Stored data entries
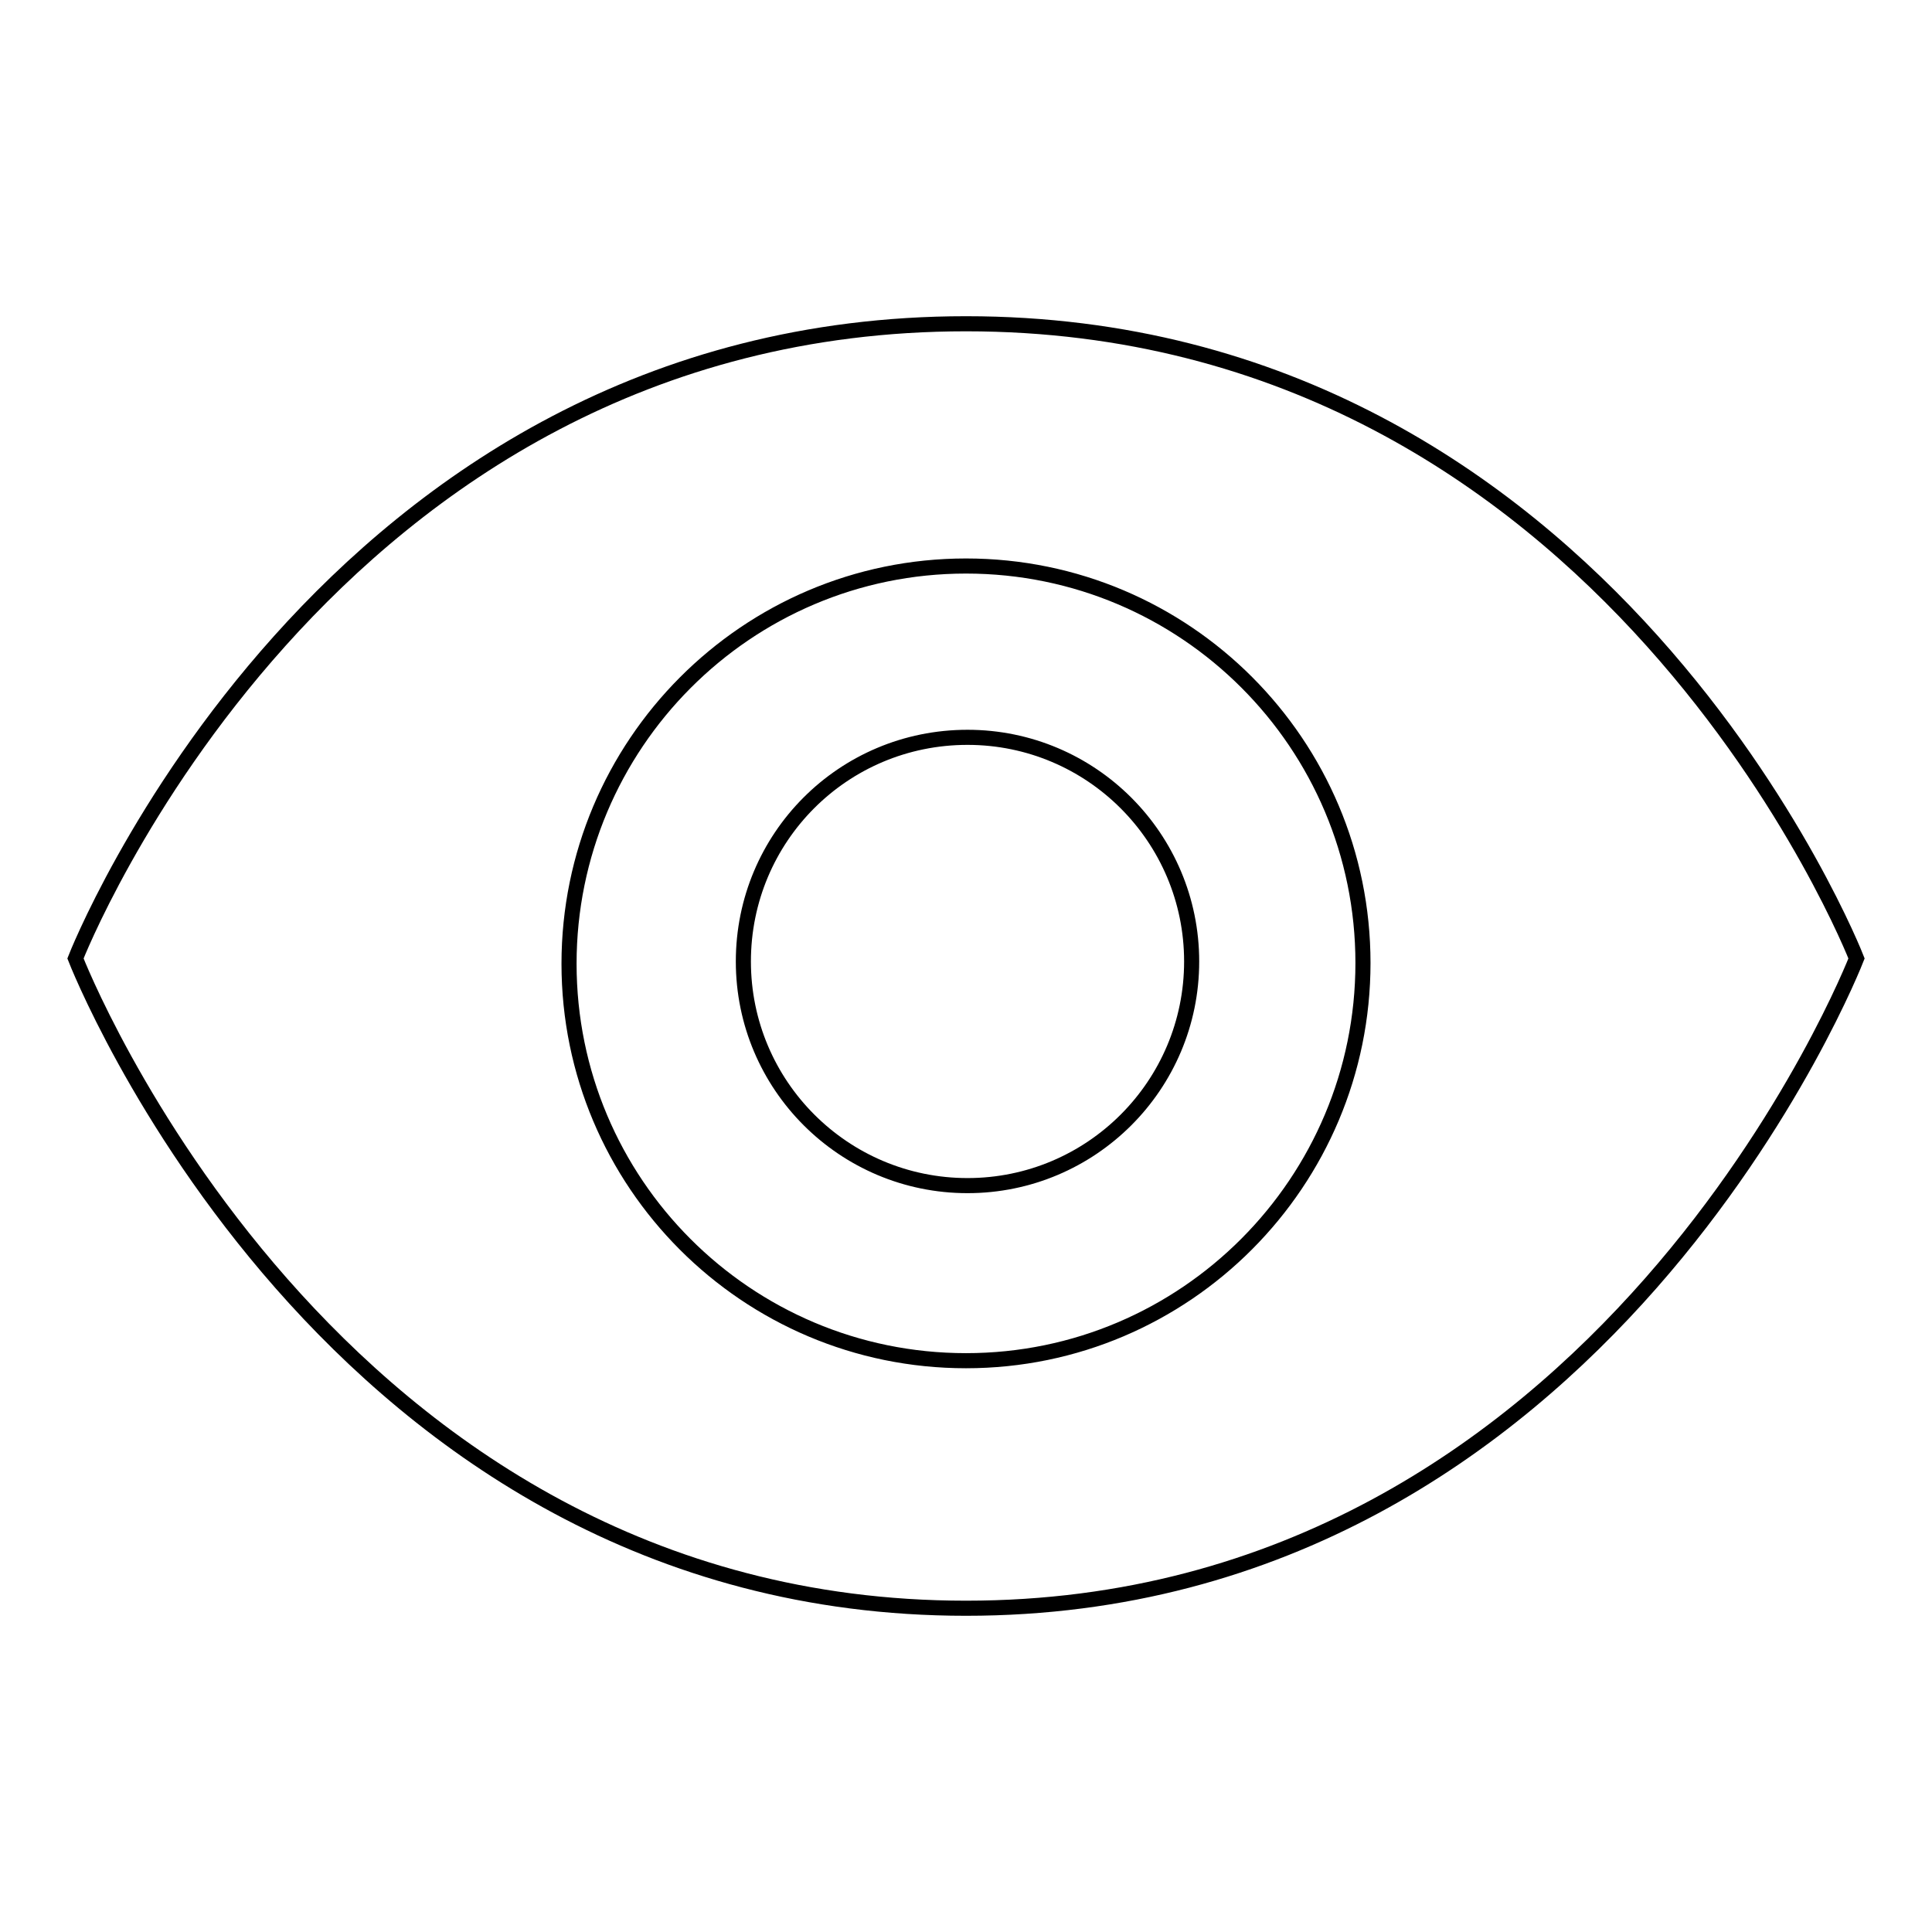 <?xml version="1.0" encoding="utf-8"?>
<!-- Svg Vector Icons : http://www.onlinewebfonts.com/icon -->
<!DOCTYPE svg PUBLIC "-//W3C//DTD SVG 1.1//EN" "http://www.w3.org/Graphics/SVG/1.1/DTD/svg11.dtd">
<svg version="1.1" xmlns="http://www.w3.org/2000/svg" xmlns:xlink="http://www.w3.org/1999/xlink" x="0px" y="0px" viewBox="0 0 256 256" enable-background="new 0 0 256 256" xml:space="preserve">
<g><g><path stroke-width="2" fill-opacity="0" stroke="#000000"  d="M128,42.9C42.8,42.9,10,127,10,127s33.4,86.1,118,86.1S246,127,246,127S213.2,42.9,128,42.9z M128,180.3c-29.1,0-52.6-23.6-52.6-52.6S98.9,75,128,75c29.1,0,52.6,23.6,52.6,52.6S157.1,180.3,128,180.3z"/><path stroke-width="2" fill-opacity="0" stroke="#000000"  d="M98.5,127.4c0,16.4,13.3,29.7,29.7,29.7c16.4,0,29.7-13.3,29.7-29.7c0-16.4-13.3-29.7-29.7-29.7C111.7,97.7,98.5,111,98.5,127.4L98.5,127.4z"/></g></g>
</svg>

Your objective - Check each line of the entries above, and show every one holding the word "http".

Response to the task -
<!-- Svg Vector Icons : http://www.onlinewebfonts.com/icon -->
<!DOCTYPE svg PUBLIC "-//W3C//DTD SVG 1.1//EN" "http://www.w3.org/Graphics/SVG/1.1/DTD/svg11.dtd">
<svg version="1.1" xmlns="http://www.w3.org/2000/svg" xmlns:xlink="http://www.w3.org/1999/xlink" x="0px" y="0px" viewBox="0 0 256 256" enable-background="new 0 0 256 256" xml:space="preserve">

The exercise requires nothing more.